Organiser un roman : bible, chronologie, canon, personnages

Écrire un roman se fait phrase après phrase, mais un roman se tient à l'échelle du livre entier. Entre les deux, il y a un outil que la plupart des auteurs bricolent dans un carnet, un tableur ou une douzaine de fichiers texte : ce qu'on appelle la bible, et qu'on finit toujours par constituer, avec ou sans plan. Manuscrire l'intègre au manuscrit, sans imposer de méthode.

Ce que la bible évite

Un roman de quatre-vingt mille mots contredit son auteur au moins une fois par tome. Non par distraction : parce que dix semaines séparent la scène où Marc apparaît de la scène où il reparaît, et qu'entre les deux, il a été peint bleu foncé sur le premier passage et bleu clair sur le second. Ce genre d'écart se rattrape après coup, à la relecture, si on l'y voit. La bible fait qu'on l'y voit moins souvent, parce qu'on l'a fixé une fois pour toutes ; ou, mieux, parce qu'on l'a consulté avant de le récrire.

Un gabarit qui n'impose rien

À la création d'un projet, Manuscrire propose une bible en trois zones

Chaque lieu et chaque personnage a sa fiche dédiée. Un lieu n'est pas qu'une décoration : c'est un climat, une géographie, une population, une histoire. Un personnage a un désir, une syntaxe, ce qu'il cache, ce qu'il ignore. Les fiches acceptent le gras, l'italique, les titres, les listes, les citations - assez pour tenir une note lisible, pas assez pour se perdre dans la mise en forme.

La bible pendant qu'on écrit

Ce qui rend la bible utile plutôt qu'inerte, c'est qu'elle est à côté du texte, pas dans un onglet à retrouver. Le Bureau de Manuscrire affiche à la fois l'arbre des tomes et des chapitres, la page qu'on écrit et la fiche qu'on consulte, en trois colonnes réglables - souris, doigt, flèches. La bible se met à droite ou à gauche selon la préférence, se replie quand on n'en veut plus, se règle en largeur à la poignée. Elle est modifiable dans ce panneau, pas en lecture seule : c'est en écrivant la scène qu'on décide que Marc boite.

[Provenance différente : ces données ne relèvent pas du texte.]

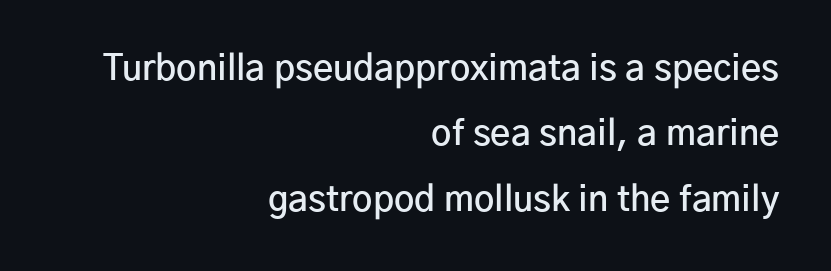
The gap between lines stays unmarked. Font category for this specimen: sans-serif. The text block is weighted toward the right margin, trailing off unevenly leftward. Italic? Not at all — the glyphs are vertical. Moderately thickened strokes mark this as semibold type. Spacing verdict: proportional, widths tailored to each character.
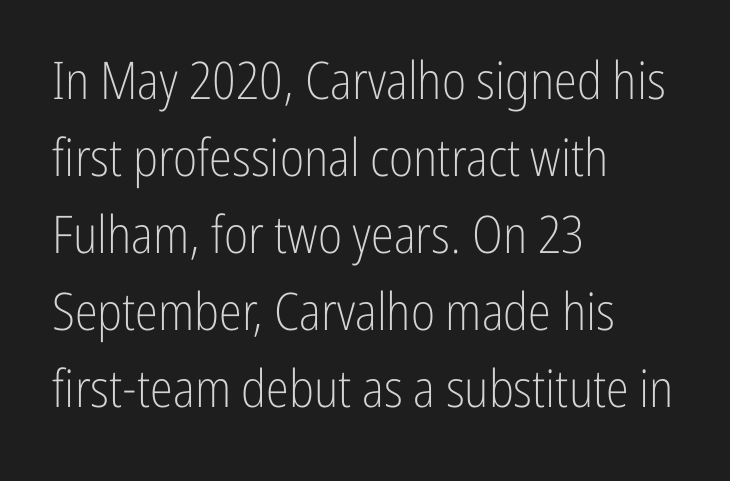
Q: Is the text bold? A: No.
Q: Is the text italic (slanted)? A: No, it is upright.
Q: Is the typeface a serif or a sans-serif typeface? A: Sans-serif.
Q: Is the text underlined? A: No.
Q: How is the paragraph aligned? A: Left-aligned.
Q: Is the spacing between letters normal or unusually wide? A: Normal.
Q: Is the spacing between lines tight, normal or loose? A: Normal.
Q: Width (condensed, normal, or wide)? A: Condensed.
Q: Stroke contrast? A: Low.
Q: x-height? A: Medium.
Q: Monospaced? A: No.
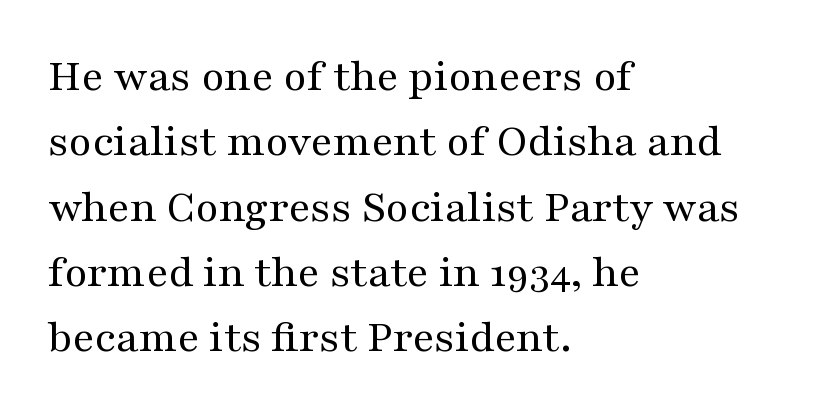
You can tell from the footed stems that serif type was used. Weight class: somewhere from thin through regular. Is there any slant? The stems are plumb. Every row of glyphs begins at an identical x-position on the left. Do the characters align in a grid? No, the font is proportional. The space between consecutive lines is moderate.
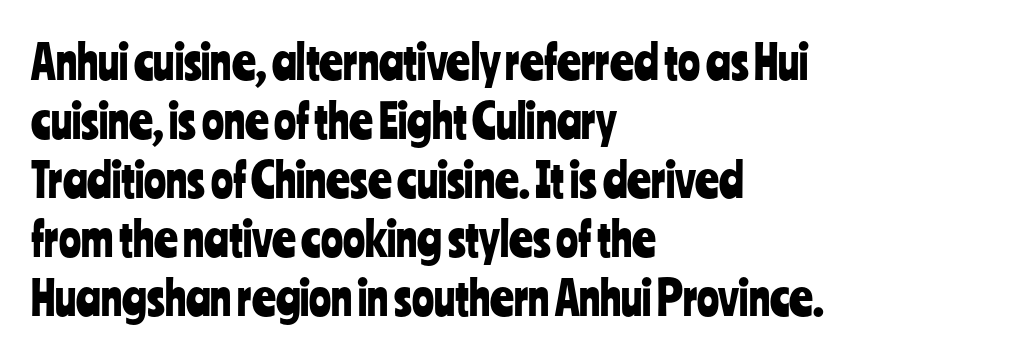
Q: Is the text italic (slanted)? A: No, it is upright.
Q: Is the typeface a serif or a sans-serif typeface? A: Sans-serif.
Q: Is the text underlined? A: No.
Q: How is the paragraph aligned? A: Left-aligned.
Q: Is the spacing between letters normal or unusually wide? A: Normal.
Q: Is the spacing between lines tight, normal or loose? A: Normal.
Q: Width (condensed, normal, or wide)? A: Condensed.
Q: Stroke contrast? A: Low.
Q: x-height? A: Medium.
Q: Monospaced? A: No.
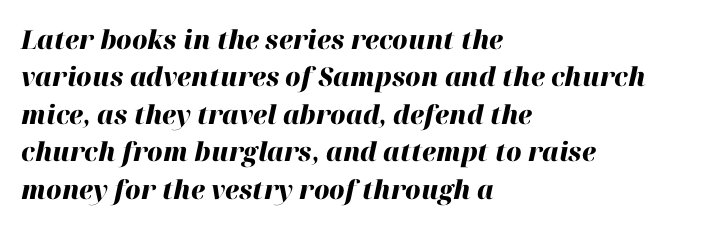
{"italic": "yes", "lean": "right", "slant_degrees": 12, "bold": "yes", "underline": "no", "align": "left", "line_spacing": "normal", "line_spacing_ratio": 1.44, "letter_spacing": "normal", "letter_spacing_em": 0.0, "glyph_px": 26}
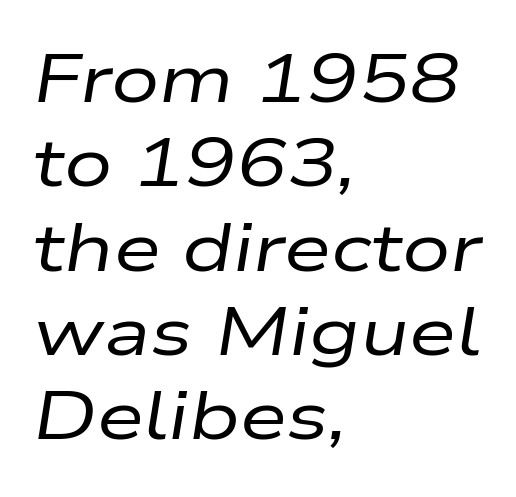
Q: Is the text bold? A: No.
Q: Is the text italic (slanted)? A: Yes, it leans right by about 9 degrees.
Q: Is the text underlined? A: No.
Q: How is the paragraph aligned? A: Left-aligned.
Q: Is the spacing between letters normal or unusually wide? A: Normal.
Q: Width (condensed, normal, or wide)? A: Wide.
Q: Stroke contrast? A: Low.
Q: x-height? A: Medium.
Q: Monospaced? A: No.
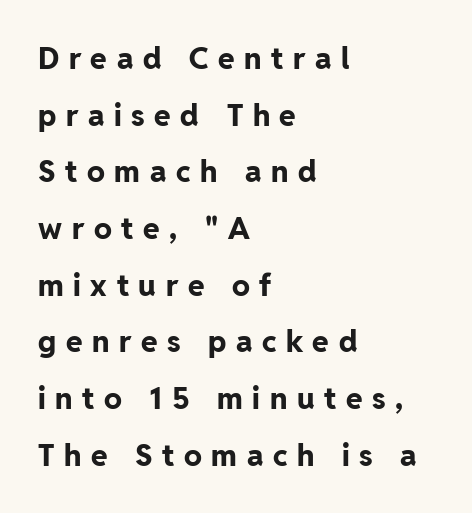
The image shows 30 px bold sans-serif type, upright; set left-aligned, line spacing 1.89x, unusually wide letter spacing (+0.32 em), not underlined; low stroke contrast and a medium x-height.
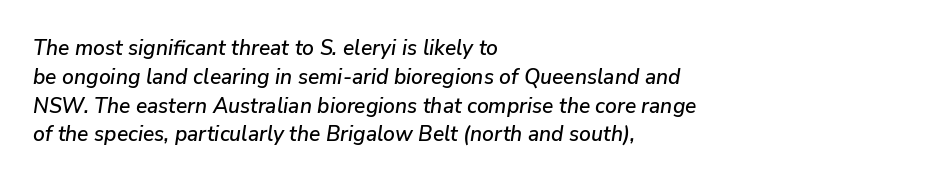
Tracking value appears to be zero — textbook default spacing. Nobody drew a line under any word here. If you drew a line through each stem, it would be angled. The paragraph has a hard left edge and a soft right edge. Whoever set this chose a conventional vertical rhythm.
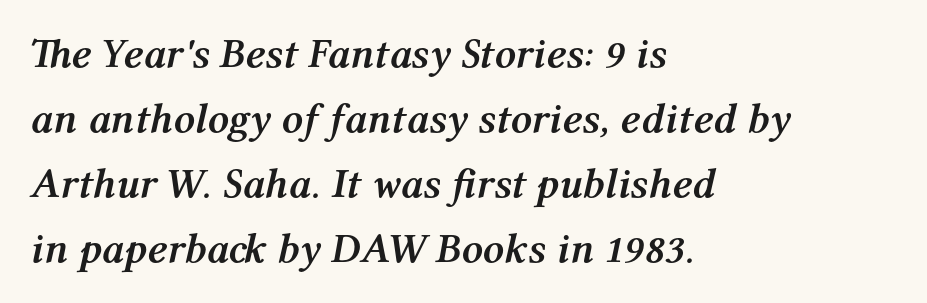
Glance below the letters and you will spot only blank space. The ragged edge is on the right, which tells us the setting is flush left. Honestly, the letter spacing is just normal — you wouldn't notice it. Line spacing here is normal. Weight: bold.
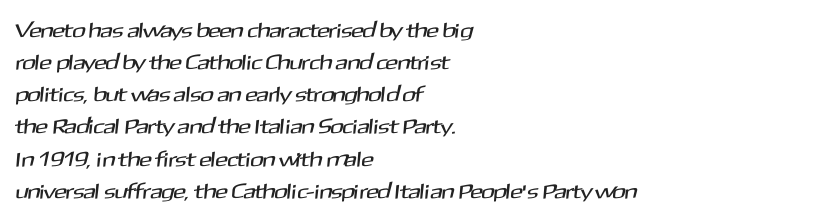
The image shows 21 px text type; set left-aligned, normal line spacing (1.53x), normal letter spacing, not underlined.
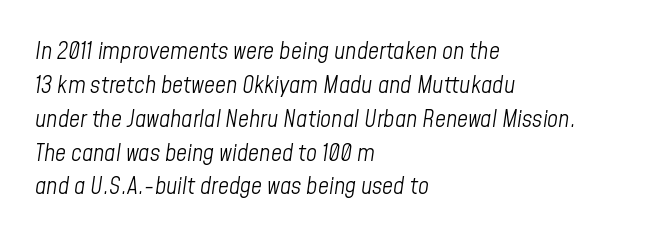
Is the letter spacing exaggerated? No — it looks like the ordinary default. The passage is arranged the way most books set body copy — flush left. The strokes carry an ordinary text weight at most. Normally led — the rows are evenly, conventionally spaced.
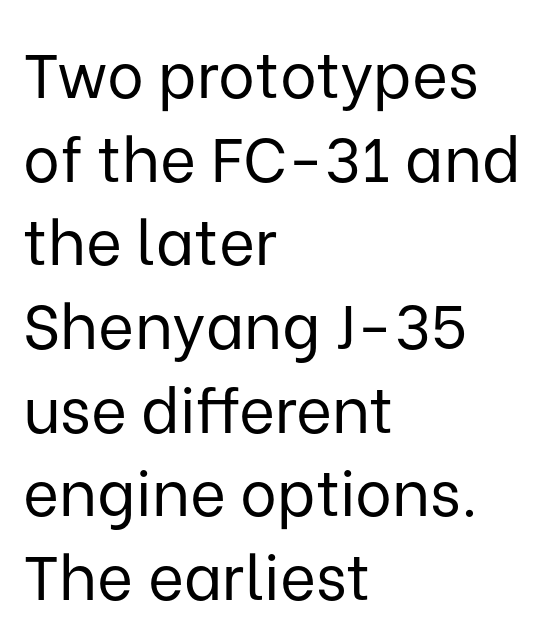
{"serif": "no", "italic": "no", "bold": "no", "weight": "regular", "width": "normal", "stroke_contrast": "low", "x_height": "medium", "monospaced": "no", "underline": "no", "align": "left", "line_spacing": "normal", "line_spacing_ratio": 1.35, "letter_spacing": "normal", "letter_spacing_em": 0.0, "glyph_px": 62}
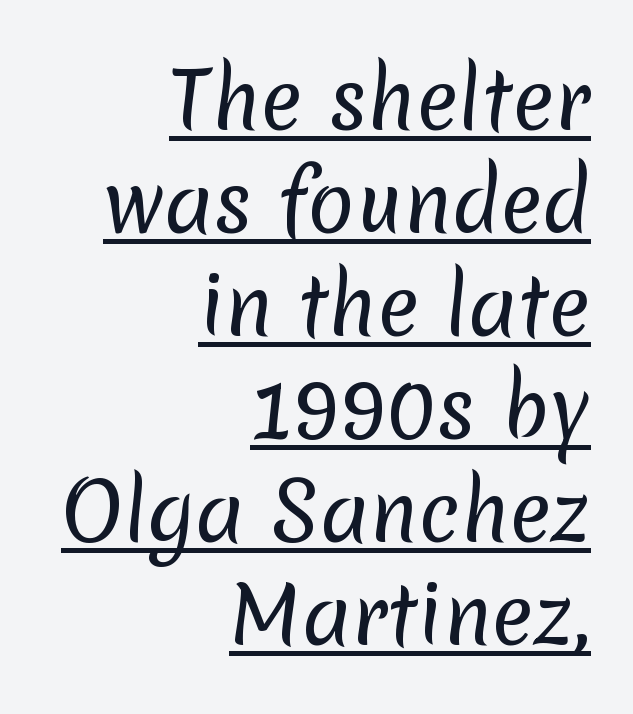
The image shows 78 px regular-weight sans-serif type; set right-aligned, normal line spacing (1.32x), normal letter spacing, underlined; low stroke contrast and a medium x-height.

Le canon, la contrainte qui aide

Le canon est la fiche la plus importante et la moins remplie. C'est là qu'on écrit ce qui ne se contredit pas : Marc a perdu son bras à la guerre, l'action se passe en 1898, la reine est morte au premier tome. Une fiche courte, quelques lignes, mais tenues. À chaque nouveau chapitre, si le texte contredit une ligne du canon, c'est le texte qu'on retouche, pas le canon. Sinon le canon ne sert plus à rien.

C'est aussi ce qui rendra utile, plus tard, une analyse par ordinateur du texte : on peut vérifier automatiquement que ce qui est écrit ne contredit pas ce qui est fixé, mais uniquement parce que la distinction a été posée à la main entre les deux.

La chronologie tenue au jour

La chronologie est une fiche de dates et d'âges, pas un plan à cinq actes. On y note : chapitre 12, on est en mars 1899, Marc a trente-huit ans. Une ligne par événement, tenue le jour où on écrit, jamais après coup. C'est le seul moyen de ne pas se retrouver, au tome trois, avec un personnage plus jeune que son fils.

L'état de l'information

C'est la fiche qui manque à tous les outils d'écriture, et celle qui sauve les intrigues. On y note qui sait quoi, à partir de quel chapitre, et par qui il l'a appris. La cousine sait pour la lettre depuis le chapitre huit, parce qu'elle a écouté à la porte ; Marc, lui, ne sait pas qu'elle sait. Un dialogue au chapitre douze devient impossible si Marc y parle librement devant elle : cette fiche est ce qui vous le rappelle.